[Opening Study material section]

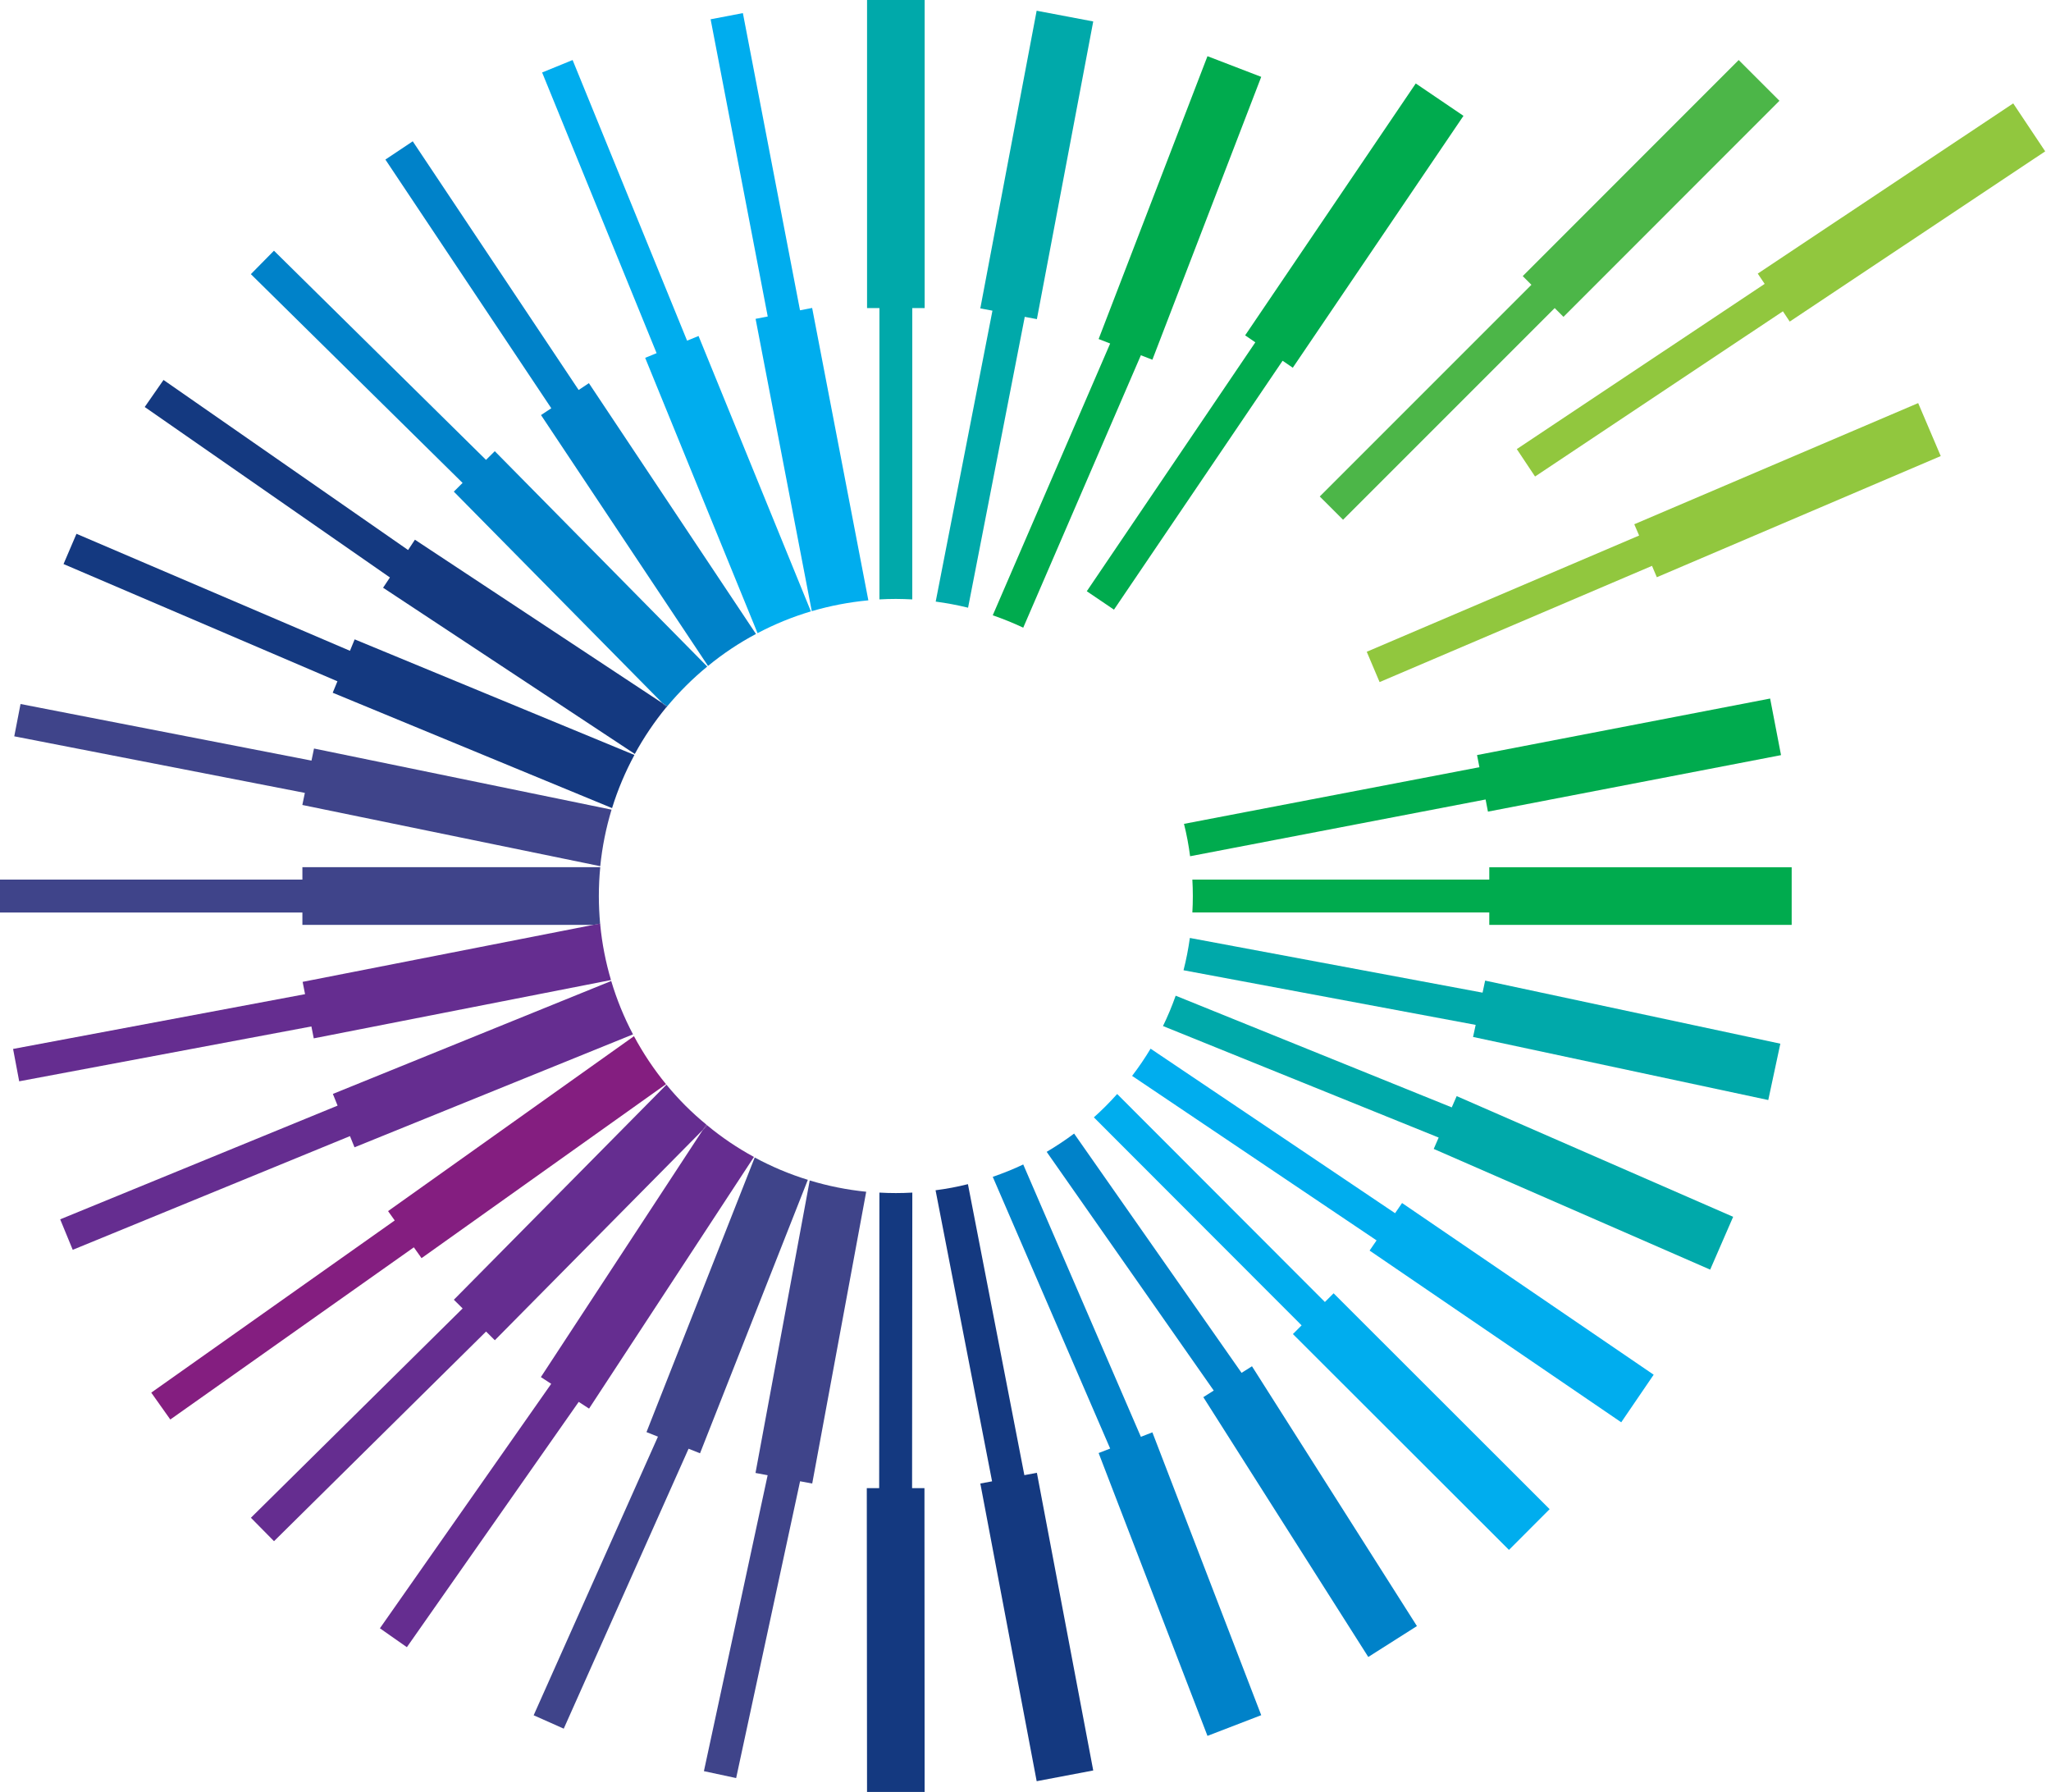 <svg xmlns="http://www.w3.org/2000/svg" width="87" height="76" viewBox="0 0 87 76" fill="none">
  <path d="M37.303 50.581L37.293 63.116H36.768L36.778 76H39.221L39.214 63.116H38.689L38.699 50.581C38.466 50.594 38.233 50.601 38.001 50.601C37.765 50.601 37.535 50.594 37.303 50.581Z" fill="#143980"/>
  <path d="M63.173 37.305H50.578C50.591 37.538 50.598 37.77 50.598 38.003C50.598 38.239 50.591 38.468 50.578 38.701H63.173V39.226H76V36.783H63.173V37.305Z" fill="#00AB4E"/>
  <path d="M25.402 38.004C25.402 37.591 25.422 37.182 25.462 36.78H12.827V37.306H0V38.702H12.827V39.227H25.179L25.455 39.174C25.422 38.785 25.402 38.396 25.402 38.004Z" fill="#3F448A"/>
  <path d="M64.964 12.082L64.96 12.079L55.982 21.057L56.97 22.044L65.948 13.066L66.32 13.439L75.481 4.274L73.752 2.546L64.592 11.71L64.96 12.079L64.964 12.082Z" fill="#4CB648"/>
  <path d="M28.27 46.004L19.252 55.125L19.624 55.494L10.643 64.372L11.623 65.366L20.618 56.474L20.99 56.843L29.815 47.919L29.962 47.696C29.343 47.191 28.775 46.622 28.27 46.004Z" fill="#652D90"/>
  <path d="M46.4 47.39L55.212 56.212L55.219 56.205L54.843 56.581L64.008 65.735L65.733 64.007L56.569 54.852L56.2 55.221L47.388 46.399C47.078 46.748 46.749 47.078 46.4 47.39Z" fill="#00ADEE"/>
  <path d="M30 28.27L20.988 19.136L20.616 19.505L11.621 10.633L10.641 11.627L19.622 20.482L19.25 20.851L28.098 29.819L28.304 29.955C28.813 29.344 29.381 28.779 30 28.27Z" fill="#0082C9"/>
  <path d="M29.631 14.25L29.145 14.449L24.289 2.546L22.996 3.074L27.852 14.978L27.367 15.177L32.134 26.854C32.852 26.475 33.606 26.166 34.397 25.93L29.631 14.25Z" fill="#00ADEE"/>
  <path d="M47.091 61.437L46.602 61.627L51.219 73.623L53.499 72.745L48.882 60.749L48.394 60.939L43.404 49.388C42.986 49.587 42.553 49.76 42.111 49.913L47.091 61.437Z" fill="#0082C9"/>
  <path d="M69.323 22.235L69.529 22.713L57.975 27.643L58.52 28.929L70.074 24V23.996L70.28 24.482L82.323 19.343L81.366 17.096L69.323 22.235Z" fill="#91C73E"/>
  <path d="M14.12 46.396L14.32 46.892L2.553 51.715L3.085 53.008L14.845 48.185L15.038 48.66L26.851 43.87C26.472 43.152 26.163 42.398 25.927 41.606L14.12 46.396Z" fill="#652D90"/>
  <path d="M27.423 60.739L27.909 60.932L22.637 72.749L23.913 73.317L29.208 61.444L29.694 61.637L34.267 50.039C33.48 49.797 32.725 49.477 32.014 49.092L27.423 60.739Z" fill="#3F448A"/>
  <path d="M61.026 48.247L60.816 48.729L72.543 53.848L73.517 51.608L61.79 46.489L61.581 46.967L49.87 42.23C49.714 42.673 49.535 43.101 49.332 43.517L61.026 48.247Z" fill="#00A9AA"/>
  <path d="M15.044 27.117L14.845 27.602L3.244 22.64L2.695 23.923L14.313 28.895L14.113 29.381L25.963 34.274C26.206 33.486 26.525 32.735 26.911 32.02L15.044 27.117Z" fill="#143980"/>
  <path d="M32.047 62.472L32.562 62.568L29.859 75.119L31.226 75.412L33.938 62.824L34.453 62.92L36.743 50.545C35.919 50.462 35.118 50.299 34.347 50.066L32.047 62.472Z" fill="#3F448A"/>
  <path d="M62.595 43.468L62.485 43.98L75.007 46.655L75.519 44.265L62.997 41.59L62.888 42.101L50.472 39.781C50.406 40.247 50.319 40.705 50.203 41.151L62.595 43.468Z" fill="#00A9AA"/>
  <path d="M13.32 31.747L13.213 32.259L0.871 29.859L0.605 31.229L12.931 33.629L12.825 34.141L25.462 36.737C25.545 35.912 25.708 35.111 25.941 34.34L13.32 31.747Z" fill="#3F448A"/>
  <path d="M74.854 12.04L64.34 19.047L65.114 20.21L75.628 13.203L75.917 13.639L86.754 6.419L85.397 4.385L74.561 11.604L74.854 12.04Z" fill="#91C73E"/>
  <path d="M16.461 51.366L16.744 51.762L6.416 59.065L7.224 60.205L17.555 52.902L17.881 53.361L28.251 45.982C27.736 45.353 27.281 44.672 26.892 43.947L16.461 51.366Z" fill="#841E80"/>
  <path d="M51.485 58.977L51.043 59.257L58.04 70.276L60.104 68.966L53.107 57.947L52.665 58.226L45.562 48.078C45.19 48.357 44.801 48.613 44.398 48.853L51.485 58.977Z" fill="#0082C9"/>
  <path d="M24.98 16.251L24.545 16.54L17.508 5.993L16.348 6.768L23.385 17.315L22.949 17.604L30.033 28.244C30.661 27.729 31.342 27.273 32.067 26.888L24.98 16.251Z" fill="#0082C9"/>
  <path d="M34.45 13.061L33.935 13.16L31.512 0.556L30.143 0.818L32.566 13.423L32.051 13.523L34.434 25.921C35.205 25.695 36.009 25.539 36.834 25.462L34.45 13.061Z" fill="#00ADEE"/>
  <path d="M42.082 62.827L41.584 62.92L43.974 75.545L46.373 75.09L43.983 62.465L43.452 62.565L41.058 50.223C40.61 50.336 40.151 50.422 39.685 50.482L42.082 62.827Z" fill="#143980"/>
  <path d="M38.697 25.422V13.067H39.222V0H36.779V13.067H37.304V25.422C37.537 25.409 37.767 25.402 38.002 25.402C38.235 25.402 38.465 25.412 38.697 25.422Z" fill="#00A9AA"/>
  <path d="M48.394 15.067L48.882 15.257L53.499 3.26L51.219 2.383L46.602 14.379L47.091 14.569L42.111 26.096C42.553 26.249 42.986 26.425 43.404 26.621L48.394 15.067Z" fill="#00AB4E"/>
  <path d="M43.468 13.442L43.434 13.432L43.983 13.535L46.373 0.91L43.973 0.455L41.583 13.08L42.098 13.176L39.691 25.515C40.157 25.578 40.615 25.664 41.064 25.774L43.468 13.442Z" fill="#00A9AA"/>
  <path d="M63.017 33.908L63.116 34.423L75.548 32.027L75.086 29.627L62.654 32.024L62.754 32.539L50.223 34.942C50.336 35.391 50.422 35.849 50.482 36.315L63.017 33.908Z" fill="#00AB4E"/>
  <path d="M25.179 39.223L12.837 41.643L12.94 42.165L0.555 44.488L0.814 45.861L13.209 43.534L13.309 44.039L25.917 41.566C25.694 40.812 25.538 40.028 25.461 39.22H25.179V39.223Z" fill="#652D90"/>
  <path d="M25.459 39.17L25.184 39.223H25.463C25.459 39.206 25.459 39.187 25.459 39.17Z" fill="#652D90"/>
  <path d="M53.249 14.519L46.1 25.076L47.253 25.857L54.406 15.3L54.838 15.596L62.078 4.913L60.054 3.54L52.817 14.223L53.249 14.519Z" fill="#00AB4E"/>
  <path d="M29.813 47.922L22.943 58.406L23.381 58.692L16.115 69.06L17.259 69.861L24.548 59.457L24.987 59.742L31.981 49.069C31.276 48.687 30.614 48.238 30 47.73L29.813 47.922Z" fill="#652D90"/>
  <path d="M29.959 47.699L29.812 47.922L29.999 47.733C29.985 47.722 29.972 47.709 29.959 47.699Z" fill="#652D90"/>
  <path d="M58.392 52.608L58.096 53.04L68.77 60.323L70.146 58.305L59.473 51.023L59.177 51.455L48.806 44.477C48.567 44.876 48.304 45.262 48.022 45.631L58.392 52.608Z" fill="#00ADEE"/>
  <path d="M28.097 29.823L17.6 22.89L17.311 23.328L6.936 16.115L6.139 17.262L16.54 24.492L16.25 24.927L26.927 31.977C27.312 31.273 27.761 30.608 28.267 29.993L28.097 29.823Z" fill="#143980"/>
  <path d="M28.304 29.959L28.098 29.823L28.27 29.999C28.28 29.986 28.29 29.973 28.304 29.959Z" fill="#143980"/>
</svg>

[Closing Study material section]

The required answer is the exact run of lines above starting at the line with "43.468L62.485 43.98L75.007 46.655L75.519" and ending at the line with "51.366L16.744 51.762L6.416 59.065L7.224", with both ends present.

  <path d="M62.595 43.468L62.485 43.98L75.007 46.655L75.519 44.265L62.997 41.59L62.888 42.101L50.472 39.781C50.406 40.247 50.319 40.705 50.203 41.151L62.595 43.468Z" fill="#00A9AA"/>
  <path d="M13.32 31.747L13.213 32.259L0.871 29.859L0.605 31.229L12.931 33.629L12.825 34.141L25.462 36.737C25.545 35.912 25.708 35.111 25.941 34.34L13.32 31.747Z" fill="#3F448A"/>
  <path d="M74.854 12.04L64.34 19.047L65.114 20.21L75.628 13.203L75.917 13.639L86.754 6.419L85.397 4.385L74.561 11.604L74.854 12.04Z" fill="#91C73E"/>
  <path d="M16.461 51.366L16.744 51.762L6.416 59.065L7.224 60.205L17.555 52.902L17.881 53.361L28.251 45.982C27.736 45.353 27.281 44.672 26.892 43.947L16.461 51.366Z" fill="#841E80"/>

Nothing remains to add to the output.